RESULTS: Six patients underwent hepatic resection (n = 5) or radio-frequency ablation (n = 1) due to primary sHCC. Five cases had an R1 resection margin, and one case had an ablative margin less than 5.0 mm. No vascular infiltration, microsatellites or bile duct/canaliculus affection was noted in the initial resected specimens. During the follow-up, imaging studies revealed a macroscopic BDTT extending to the common bile duct in all six patients. Four patients had a concomitant intrahepatic recurrent tumor. Surgical re-resection of intrahepatic recurrent tumors and removal of BDTTs (n = 4), BDTT removal through choledochotomy (n = 1), and conservative treatment (n = 1) was performed. Microscopic portal vein invasion was noted in three of the four resected specimens. All six patients died, with a mean survival of 11 mo after BDTT removal or conservative treatment.
CONCLUSION: BDTT occurrence is a rare, special recurrent pattern of primary sHCC. Patients with BDTTs extending to the common bile duct usually have an unfavorable prognosis even following aggressive surgery. Insufficient resection or ablative margins against primary sHCC may be a risk factor for BDTT development.

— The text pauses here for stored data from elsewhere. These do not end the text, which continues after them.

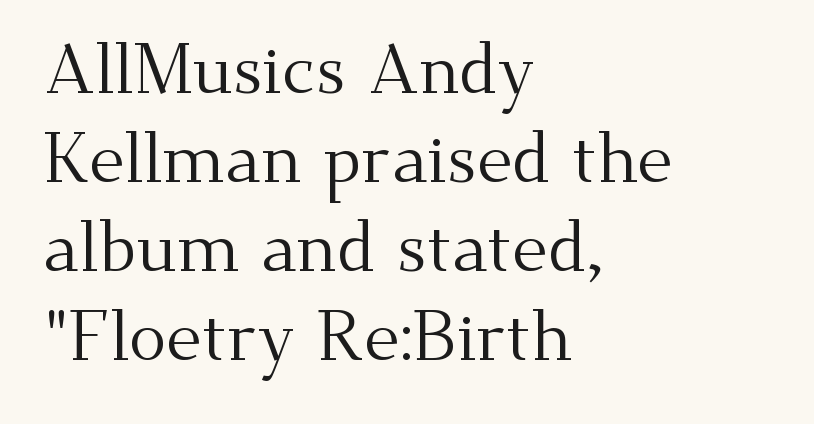
The image shows 70 px regular-weight serif type, upright; set left-aligned, normal line spacing (1.27x), normal letter spacing, not underlined; medium stroke contrast and a small x-height.
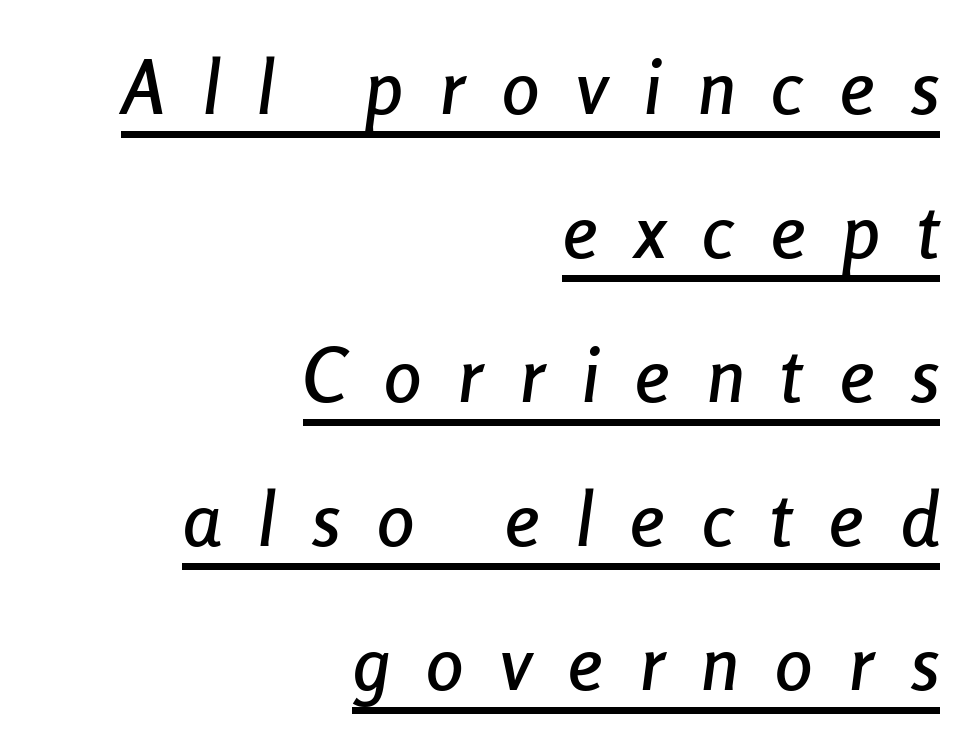
The image shows 75 px condensed type, italic (leaning right); set right-aligned, loose line spacing (1.92x), unusually wide letter spacing (+0.49 em), underlined; low stroke contrast and a medium x-height.
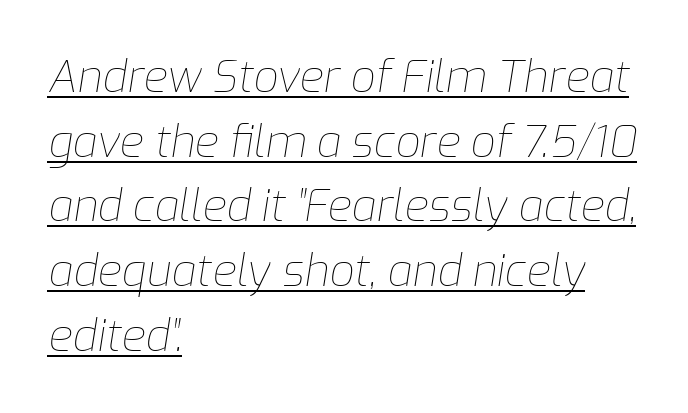
{"italic": "yes", "lean": "right", "slant_degrees": 9, "bold": "no", "weight": "thin", "width": "normal", "stroke_contrast": "low", "x_height": "medium", "monospaced": "no", "underline": "yes", "align": "left", "line_spacing": "normal", "line_spacing_ratio": 1.47, "letter_spacing": "normal", "letter_spacing_em": 0.0, "glyph_px": 44}
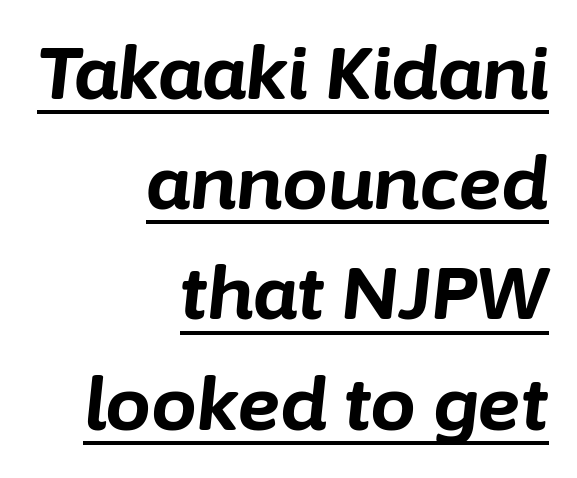
Regarding leading, the lines here are spaced in the standard way. Short note: letters normally spaced. The font is running at its bold setting. If you drew a line through each stem, it would be angled. Is this a fixed-width face? No — the glyphs have proportional, varying widths. A continuous stroke trails under the words, as in a hyperlink.
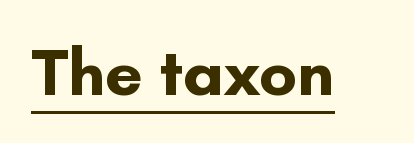
The type sits square on the baseline with zero lean. Note the varied advance widths — an 'i' is clearly narrower than an 'm'. These words are printed bold, with thick strokes throughout. Font category for this specimen: sans-serif. There is no visible air inserted between adjacent glyphs.
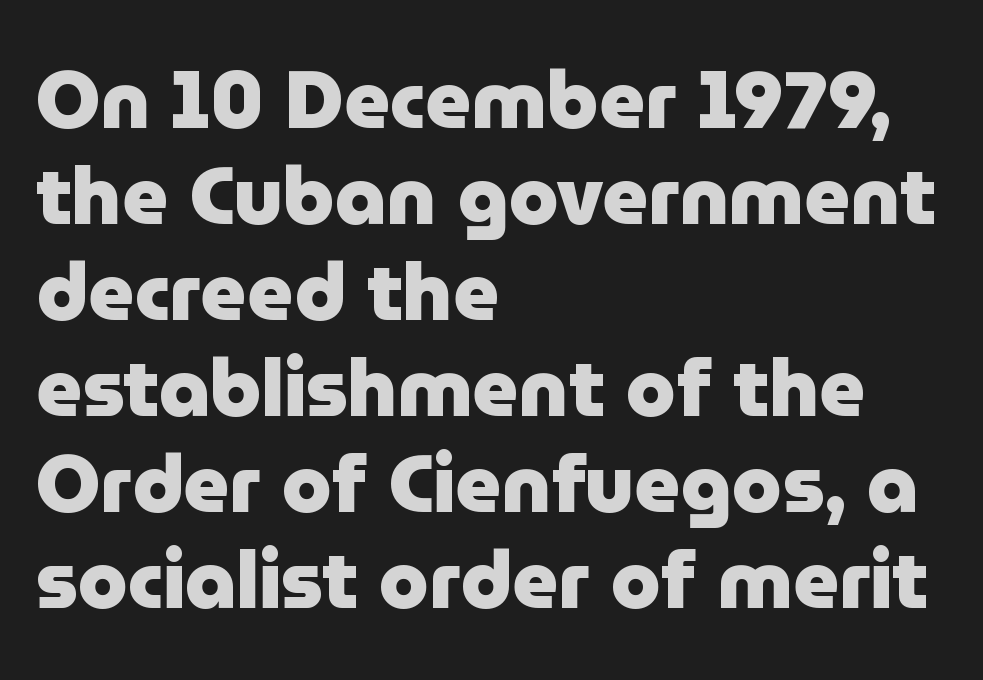
{"serif": "no", "italic": "no", "bold": "yes", "weight": "heavy", "width": "normal", "stroke_contrast": "low", "x_height": "medium", "monospaced": "no", "underline": "no", "align": "left", "line_spacing_ratio": 1.2, "letter_spacing": "normal", "letter_spacing_em": 0.0, "glyph_px": 80}
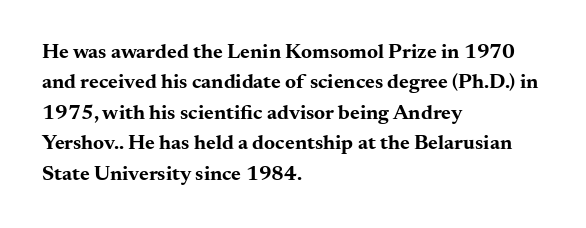
Notice how the stems are strictly vertical — no italics here. These words are printed bold, with thick strokes throughout. Leading: standard. You could call the tracking neutral — neither tight nor loose. The rendering anchors every line to the left-hand side. The words here are not underlined.
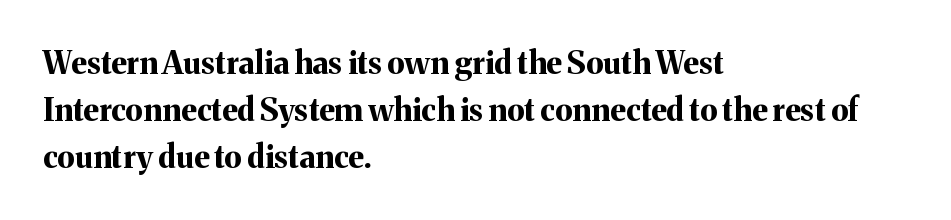
{"serif": "yes", "italic": "no", "bold": "yes", "weight": "bold", "width": "normal", "stroke_contrast": "medium", "x_height": "medium", "monospaced": "no", "underline": "no", "align": "left", "line_spacing": "normal", "line_spacing_ratio": 1.51, "letter_spacing": "normal", "letter_spacing_em": 0.0, "glyph_px": 31}
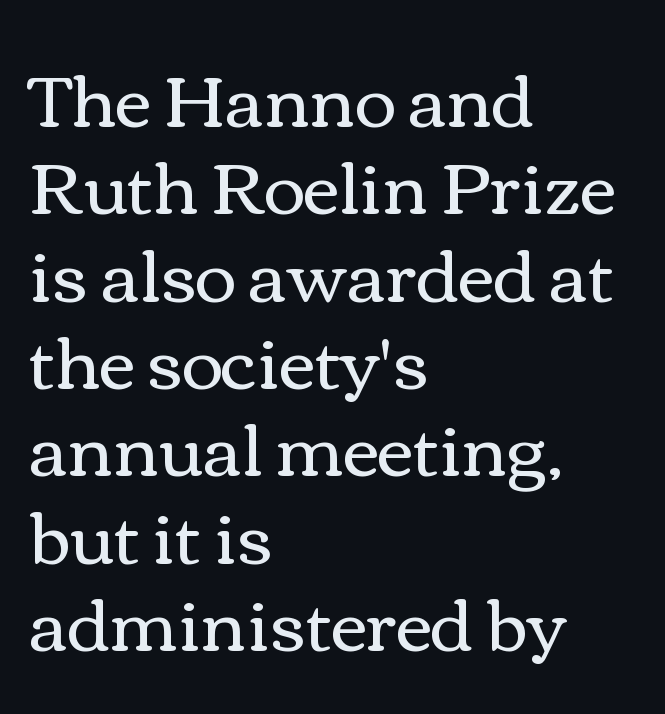
Characters remain perfectly vertical along every line. Horizontal alignment here is leftward, the default for most running prose. Check the space under the baseline: it is left empty. Look at the tracking — it's just the regular setting, nothing added. Here the designer chose a conventional face with non-uniform glyph widths.

Keywords: Small hepatocellular carcinoma, Recurrence, Bile ducts, Jaundice, Diagnosis
INTRODUCTION
Hepatocellular carcinoma (HCC) is one of the most common malignancies, especially in Asian countries[1]. With advanced imaging techniques, small HCC (sHCC) (≤ 3.0 cm) can be detected with increasing ease during screening in patients with chronic hepatitis or cirrhosis. Surgical resection and local ablation therapy (including percutaneous ethanol injection, percutaneous microwave coagulation, and percutaneous radio-frequency ablation) are effective against sHCC[2-4]. Although major progress has been made in the detection and treatment of sHCC, the efficacy of sHCC treatments remains undesirable: the 3- and 5-year disease-free survival rates are only 49% and 30%, respectively[5]. A major cause of the unfavorable prognosis of sHCC is the high incidence of postoperative recurrence. Kumada et al[6] reported that the cumulative 3- and 5-year recurrence rates were up to 64.5% and 76.1%, respectively. HCC recurrence is a leading cause of death that affects patients’ long-term survival.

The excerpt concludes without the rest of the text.